> _Directions_:
Write the listing out again verbatim, leaving nothing out.

> _Input_:
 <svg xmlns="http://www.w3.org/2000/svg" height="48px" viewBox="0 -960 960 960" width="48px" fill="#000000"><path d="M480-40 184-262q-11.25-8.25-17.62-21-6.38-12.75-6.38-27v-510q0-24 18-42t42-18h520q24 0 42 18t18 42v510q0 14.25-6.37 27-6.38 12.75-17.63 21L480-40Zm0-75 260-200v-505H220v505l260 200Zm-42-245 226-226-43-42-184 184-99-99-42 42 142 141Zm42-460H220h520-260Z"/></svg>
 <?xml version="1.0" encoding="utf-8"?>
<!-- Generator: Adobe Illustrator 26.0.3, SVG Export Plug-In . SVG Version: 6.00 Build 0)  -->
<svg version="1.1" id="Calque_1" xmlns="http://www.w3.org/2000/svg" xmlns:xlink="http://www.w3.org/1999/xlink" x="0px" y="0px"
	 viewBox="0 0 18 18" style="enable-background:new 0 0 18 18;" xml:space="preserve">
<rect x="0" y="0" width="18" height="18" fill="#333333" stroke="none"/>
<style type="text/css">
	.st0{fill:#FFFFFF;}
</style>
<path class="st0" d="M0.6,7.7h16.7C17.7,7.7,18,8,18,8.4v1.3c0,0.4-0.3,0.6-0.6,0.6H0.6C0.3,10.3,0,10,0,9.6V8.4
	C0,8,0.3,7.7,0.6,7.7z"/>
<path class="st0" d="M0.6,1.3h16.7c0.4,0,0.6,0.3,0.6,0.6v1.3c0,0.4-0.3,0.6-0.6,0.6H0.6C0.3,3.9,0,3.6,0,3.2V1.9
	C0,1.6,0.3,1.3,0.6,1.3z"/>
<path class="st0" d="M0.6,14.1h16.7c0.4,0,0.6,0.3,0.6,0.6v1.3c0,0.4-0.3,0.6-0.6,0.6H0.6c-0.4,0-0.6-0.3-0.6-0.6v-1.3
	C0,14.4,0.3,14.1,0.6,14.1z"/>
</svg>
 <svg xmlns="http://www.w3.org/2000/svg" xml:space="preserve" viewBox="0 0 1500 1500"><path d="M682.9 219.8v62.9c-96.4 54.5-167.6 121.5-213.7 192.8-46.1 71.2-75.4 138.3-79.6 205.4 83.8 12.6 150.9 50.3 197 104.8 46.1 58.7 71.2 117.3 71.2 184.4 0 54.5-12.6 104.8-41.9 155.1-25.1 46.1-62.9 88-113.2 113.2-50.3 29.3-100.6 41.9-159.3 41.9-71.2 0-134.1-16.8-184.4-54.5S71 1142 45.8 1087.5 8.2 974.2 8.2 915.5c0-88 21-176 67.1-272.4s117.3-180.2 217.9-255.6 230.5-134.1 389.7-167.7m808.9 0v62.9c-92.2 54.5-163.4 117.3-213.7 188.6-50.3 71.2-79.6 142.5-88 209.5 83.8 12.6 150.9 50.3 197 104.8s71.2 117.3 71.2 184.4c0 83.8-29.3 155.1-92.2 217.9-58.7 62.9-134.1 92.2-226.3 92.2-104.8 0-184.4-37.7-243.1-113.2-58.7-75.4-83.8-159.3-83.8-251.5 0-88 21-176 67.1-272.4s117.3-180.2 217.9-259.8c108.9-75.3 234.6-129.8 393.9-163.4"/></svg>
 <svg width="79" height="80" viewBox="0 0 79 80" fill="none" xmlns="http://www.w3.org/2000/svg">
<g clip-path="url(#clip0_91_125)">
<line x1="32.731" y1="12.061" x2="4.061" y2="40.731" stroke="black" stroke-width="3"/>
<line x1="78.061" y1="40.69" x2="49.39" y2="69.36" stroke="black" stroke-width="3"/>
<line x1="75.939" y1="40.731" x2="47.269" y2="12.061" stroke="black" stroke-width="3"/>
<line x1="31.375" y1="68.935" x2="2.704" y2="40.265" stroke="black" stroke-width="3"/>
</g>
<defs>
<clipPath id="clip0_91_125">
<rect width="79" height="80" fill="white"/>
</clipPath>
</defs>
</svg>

> _Response for this exercise_:
 <svg xmlns="http://www.w3.org/2000/svg" height="48px" viewBox="0 -960 960 960" width="48px" fill="#000000"><path d="M480-40 184-262q-11.25-8.25-17.62-21-6.38-12.75-6.38-27v-510q0-24 18-42t42-18h520q24 0 42 18t18 42v510q0 14.25-6.37 27-6.38 12.75-17.63 21L480-40Zm0-75 260-200v-505H220v505l260 200Zm-42-245 226-226-43-42-184 184-99-99-42 42 142 141Zm42-460H220h520-260Z"/></svg>
 <?xml version="1.0" encoding="utf-8"?>
<!-- Generator: Adobe Illustrator 26.0.3, SVG Export Plug-In . SVG Version: 6.00 Build 0)  -->
<svg version="1.1" id="Calque_1" xmlns="http://www.w3.org/2000/svg" xmlns:xlink="http://www.w3.org/1999/xlink" x="0px" y="0px"
	 viewBox="0 0 18 18" style="enable-background:new 0 0 18 18;" xml:space="preserve">
<rect x="0" y="0" width="18" height="18" fill="#333333" stroke="none"/>
<style type="text/css">
	.st0{fill:#FFFFFF;}
</style>
<path class="st0" d="M0.6,7.7h16.7C17.7,7.7,18,8,18,8.4v1.3c0,0.4-0.3,0.6-0.6,0.6H0.6C0.3,10.3,0,10,0,9.6V8.4
	C0,8,0.3,7.7,0.6,7.7z"/>
<path class="st0" d="M0.6,1.3h16.7c0.4,0,0.6,0.3,0.6,0.6v1.3c0,0.4-0.3,0.6-0.6,0.6H0.6C0.3,3.9,0,3.6,0,3.2V1.9
	C0,1.6,0.3,1.3,0.6,1.3z"/>
<path class="st0" d="M0.6,14.1h16.7c0.4,0,0.6,0.3,0.6,0.6v1.3c0,0.4-0.3,0.6-0.6,0.6H0.6c-0.4,0-0.6-0.3-0.6-0.6v-1.3
	C0,14.4,0.3,14.1,0.6,14.1z"/>
</svg>
 <svg xmlns="http://www.w3.org/2000/svg" xml:space="preserve" viewBox="0 0 1500 1500"><path d="M682.9 219.8v62.9c-96.4 54.5-167.6 121.5-213.7 192.8-46.1 71.2-75.4 138.3-79.6 205.4 83.8 12.6 150.9 50.3 197 104.8 46.1 58.7 71.2 117.3 71.2 184.4 0 54.5-12.6 104.8-41.9 155.1-25.1 46.1-62.9 88-113.2 113.2-50.3 29.3-100.6 41.9-159.3 41.9-71.2 0-134.1-16.8-184.4-54.5S71 1142 45.8 1087.5 8.2 974.2 8.2 915.5c0-88 21-176 67.1-272.4s117.3-180.2 217.9-255.6 230.5-134.1 389.7-167.7m808.9 0v62.9c-92.2 54.5-163.4 117.3-213.7 188.6-50.3 71.2-79.6 142.5-88 209.5 83.8 12.6 150.9 50.3 197 104.8s71.2 117.3 71.2 184.4c0 83.8-29.3 155.1-92.2 217.9-58.7 62.9-134.1 92.2-226.3 92.2-104.8 0-184.4-37.7-243.1-113.2-58.7-75.4-83.8-159.3-83.8-251.5 0-88 21-176 67.1-272.4s117.3-180.2 217.9-259.8c108.9-75.3 234.6-129.8 393.9-163.4"/></svg>
 <svg width="79" height="80" viewBox="0 0 79 80" fill="none" xmlns="http://www.w3.org/2000/svg">
<g clip-path="url(#clip0_91_125)">
<line x1="32.731" y1="12.061" x2="4.061" y2="40.731" stroke="black" stroke-width="3"/>
<line x1="78.061" y1="40.69" x2="49.39" y2="69.36" stroke="black" stroke-width="3"/>
<line x1="75.939" y1="40.731" x2="47.269" y2="12.061" stroke="black" stroke-width="3"/>
<line x1="31.375" y1="68.935" x2="2.704" y2="40.265" stroke="black" stroke-width="3"/>
</g>
<defs>
<clipPath id="clip0_91_125">
<rect width="79" height="80" fill="white"/>
</clipPath>
</defs>
</svg>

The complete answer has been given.